Hanlon’s Razor states that we should not attribute to malice that which is more easily explained by stupidity. In a complex world, using this model helps us avoid paranoia and ideology. By not generally assuming that bad results are the fault of a bad actor, we look for options instead of missing opportunities. This model reminds us that people do make mistakes. It demands that we ask if there is another reasonable explanation for the events that have occurred. The explanation most likely to be right is the one that contains the least amount of intent.

When we see something we don’t like happen and which seems wrong, we assume it’s intentional. But it’s more likely that it’s completely unintentional.

Failing to prioritize stupidity over malice causes things like paranoia. Always assuming malice puts you at the center of everyone else’s world. This is an incredibly self-centered approach to life. In reality, for every act of malice, there is almost certainly far more ignorance, stupidity, and laziness.

When we assume someone is out to get us, our very natural instinct is to take actions to defend ourselves.

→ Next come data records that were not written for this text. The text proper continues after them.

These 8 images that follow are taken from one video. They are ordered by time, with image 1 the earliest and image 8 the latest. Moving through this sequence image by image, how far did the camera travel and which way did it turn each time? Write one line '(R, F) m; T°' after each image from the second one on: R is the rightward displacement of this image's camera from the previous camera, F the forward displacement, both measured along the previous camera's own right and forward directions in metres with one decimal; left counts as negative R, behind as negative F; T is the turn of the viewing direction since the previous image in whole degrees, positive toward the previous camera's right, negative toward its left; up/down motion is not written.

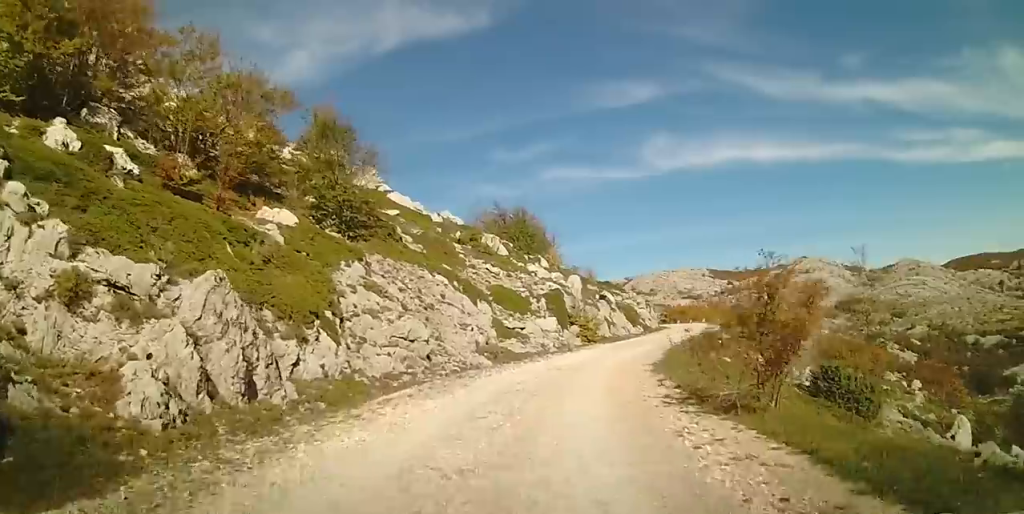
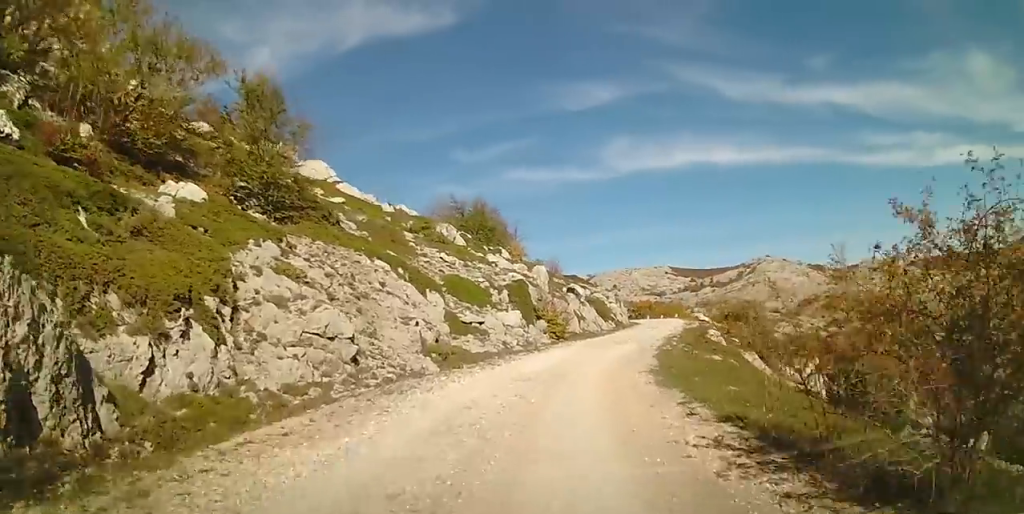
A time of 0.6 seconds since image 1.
(+0.2, +4.4) m; +5°
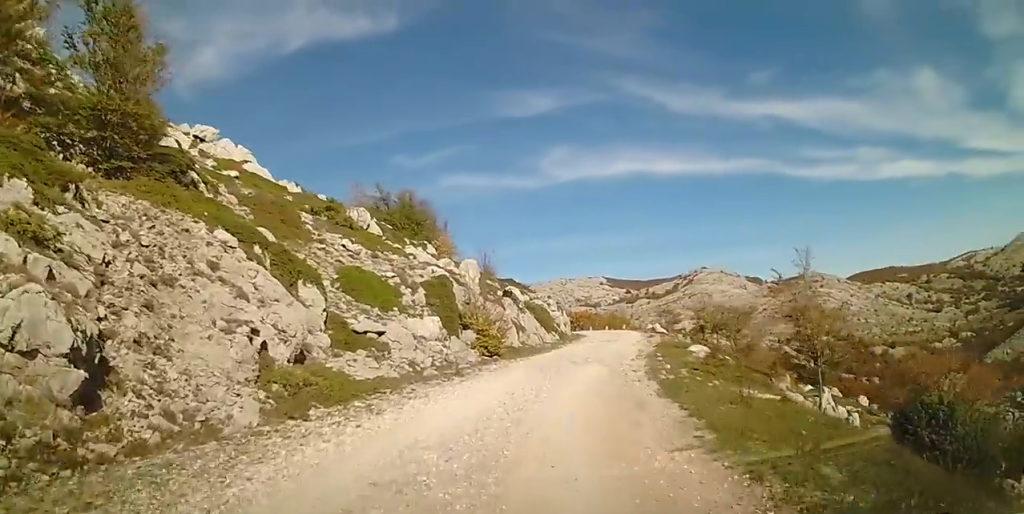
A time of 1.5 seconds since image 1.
(+0.5, +7.5) m; +7°
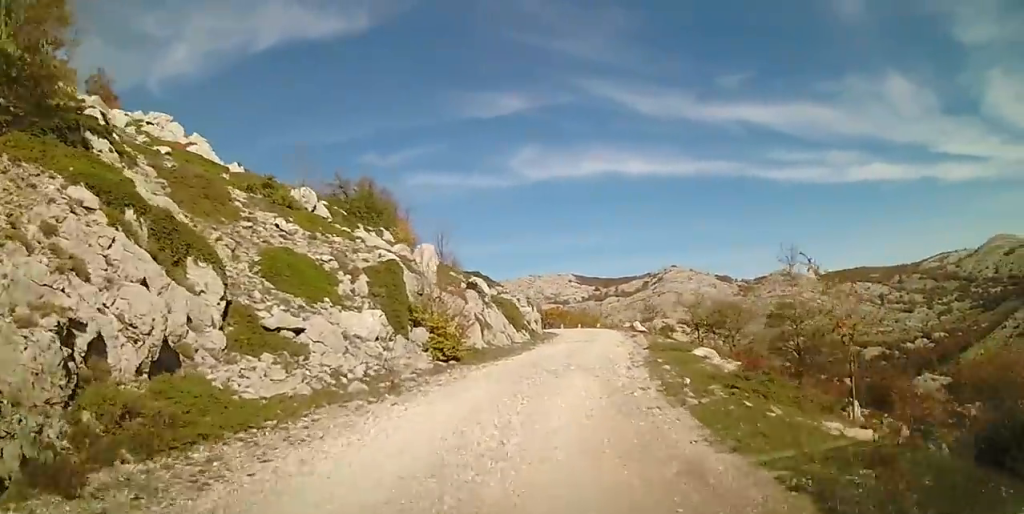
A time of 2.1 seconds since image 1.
(+0.2, +4.2) m; +3°
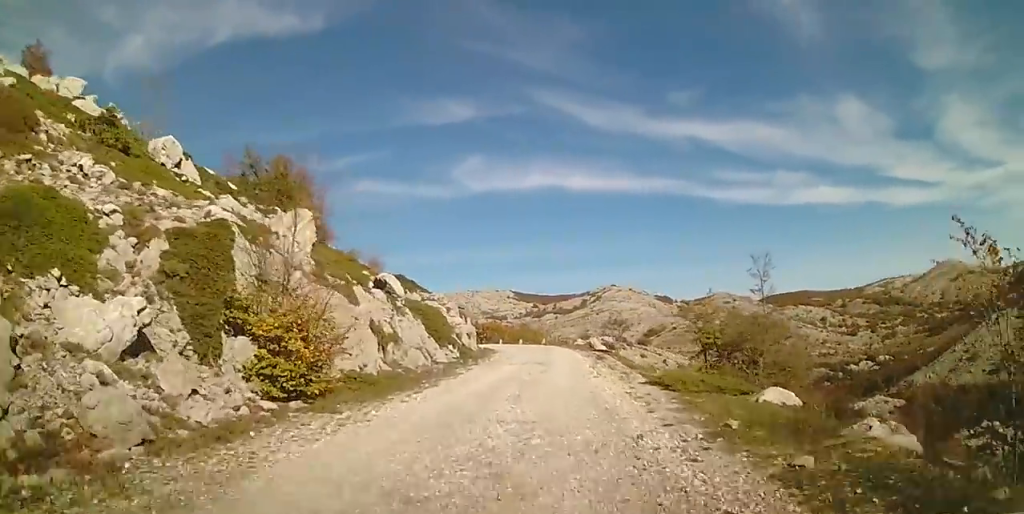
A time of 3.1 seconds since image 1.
(+0.1, +8.4) m; +3°
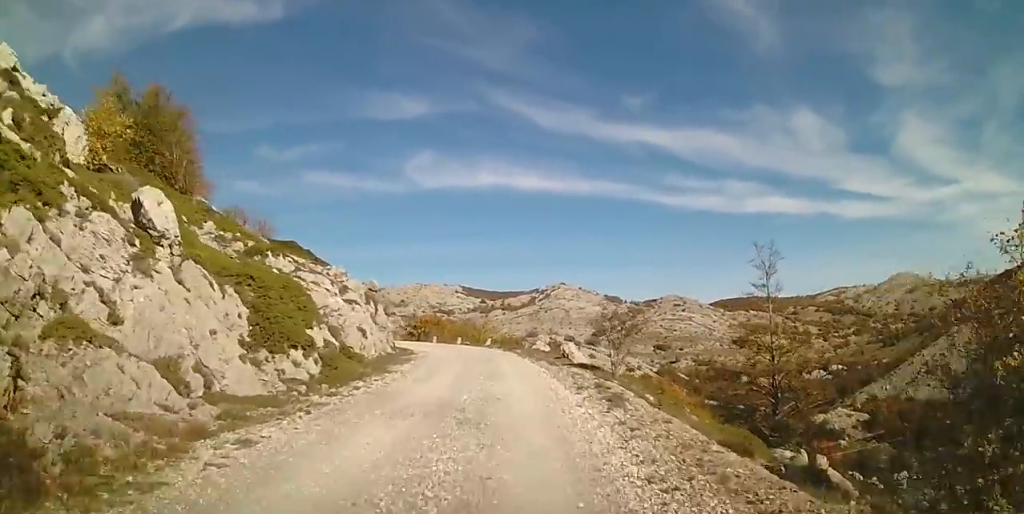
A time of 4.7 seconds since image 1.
(+0.6, +12.5) m; +3°
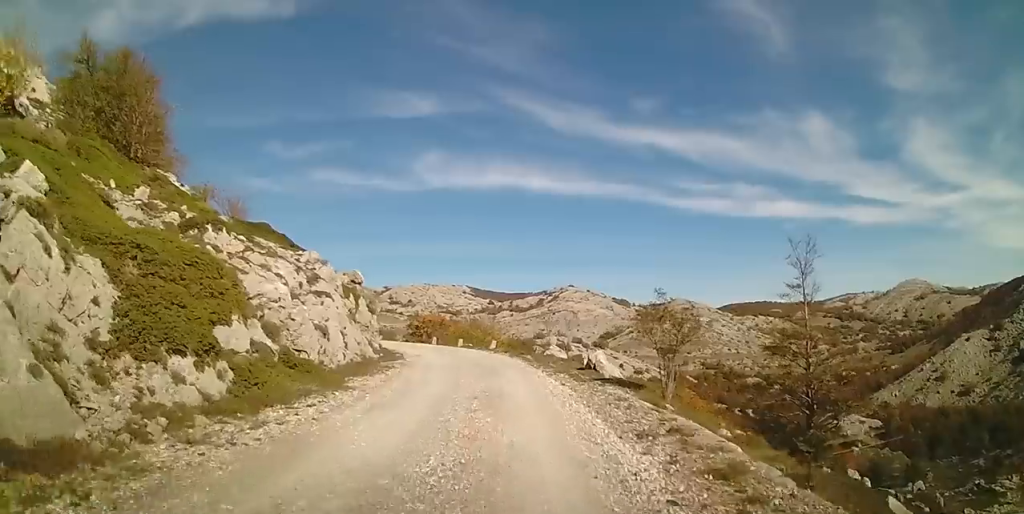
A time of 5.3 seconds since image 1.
(0.0, +4.6) m; 0°
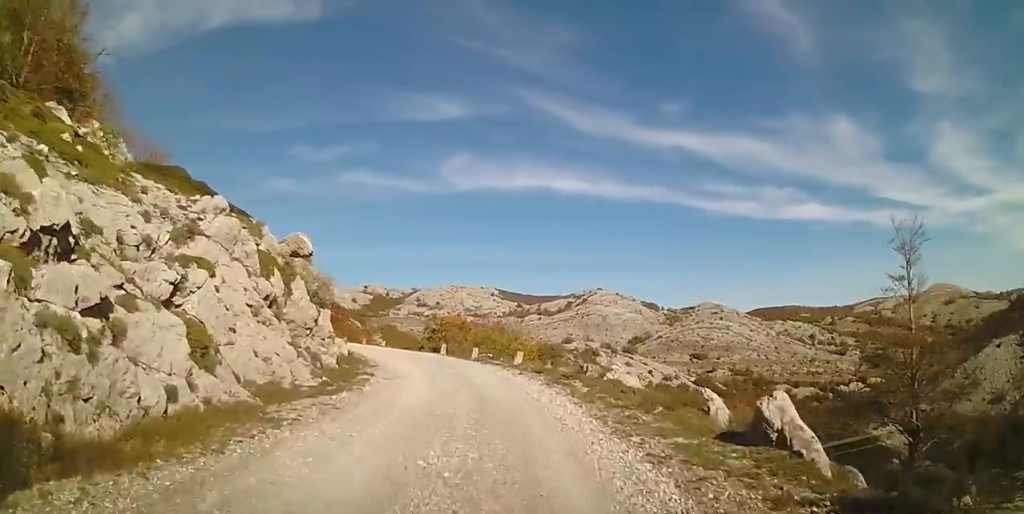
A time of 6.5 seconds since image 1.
(0.0, +9.3) m; -4°

It’s harder to take advantage of, or even see, opportunities while in this defensive mode because our priority is saving ourselves—which tends to reduce our vision to dealing with the perceived threat instead of examining the bigger picture.

Ultimately, Hanlon’s Razor demonstrates that there are fewer true villains than you might suppose—what people are is human, and like you, all humans make mistakes and fall into traps of laziness, bad thinking, and bad incentives. Our lives are easier, better, and more effective when we recognize this truth and act accordingly.